In the time of COVID, the status of children in or out of school has risen to the highest voices in the nation and state.  The fact that public education is our nation’s largest child care provider means that when children are in school parents are available for work and when children are not in school parents are conflicted between caring for children at home and being available for work.  School closure due to COVID affects employment, wage earning, consumer spending, and economies on all levels.  The crux of the problem, however, is that economy is political.  Hence, political voices want to influence, if not command, that children return to school so that parents can return to work so that the economy can be improved so that politics can resume its inordinate place in our society.

The distance between national and state voices and children in local school classrooms is almost interstellar.  Talk and commandments with the broadest of brushes by big time officeholders are incognizant of their effects upon local schools.  In reverse, every local child has a name that is known in her school.  She matters.  Her education and welfare matter.  The trajectory of an individual child’s school experience is the meat of school board committee work and board policy discussions.  Prior to and in the time of COVID, local school board members are laser focused on how their decisions impact the education, health and safety of children with names.

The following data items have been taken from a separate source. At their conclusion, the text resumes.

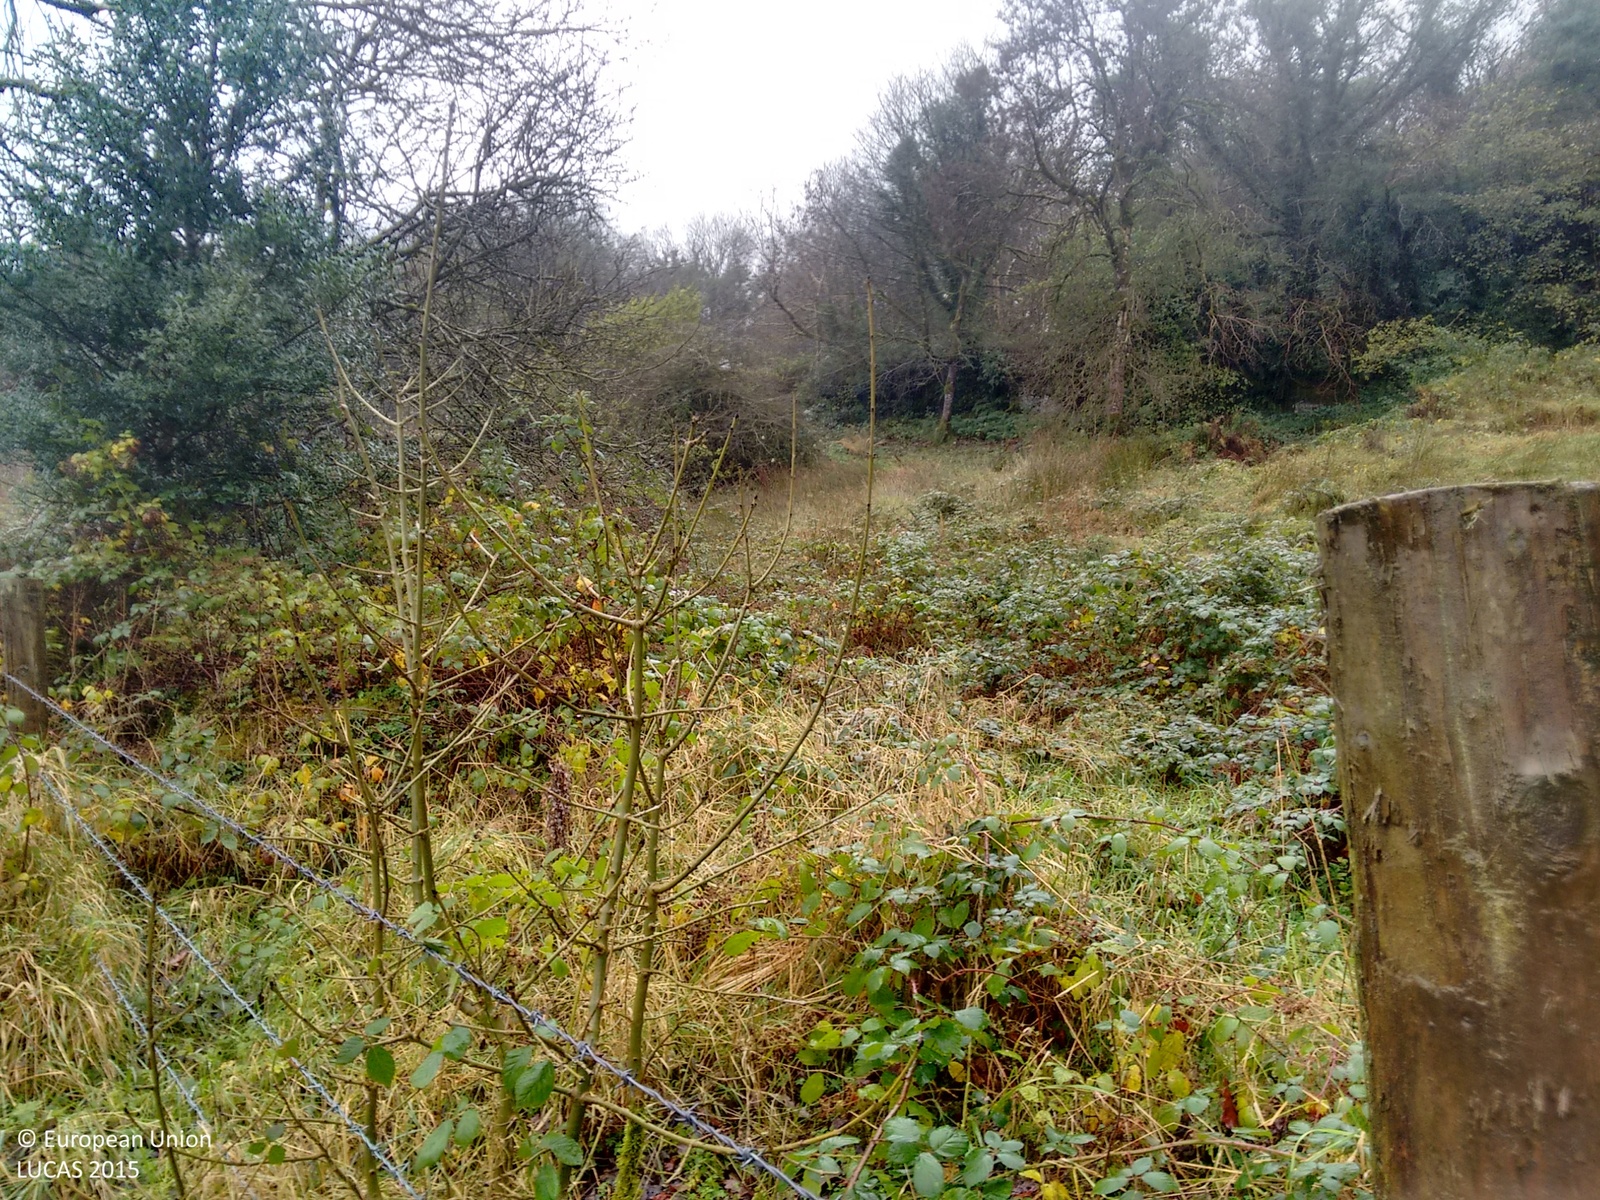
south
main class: Woodland
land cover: Broadleaved woodland
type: exotic forest
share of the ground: > 75 %
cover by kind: broadleaved forest trees 50 %, shrubs 40 %, herbaceous plants 10 %
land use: Agriculture (excluding fallow land and kitchen gardens)
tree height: > 5 m
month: November
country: IE
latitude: 54.0513
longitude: -8.3479

In our state headlines, a US Senator declares that all children must be in school in September.  Politics at play.  Our President declares that all schools must open in the fall.  Politics at play.  Our state legislators are wary of mandating that all schools will open in September while opining that they should.  Our local representatives portray plans that will open school in ways that align with their partisanship.  Politics at play.  Local business leaders send letters to their school board members urging that all children should be in school in September.  Economical politics at play.  Parents are stuck on the question – what is best for my child.  That is the right decision to be made.

The right “pay grade” for deciding the status of schools in the time of COVID is the local school board.  They are locally-knowledgeable and locally-responsible and their decisions affect children with names.

Local governance is as local governance does, to paraphrase Forest Gump.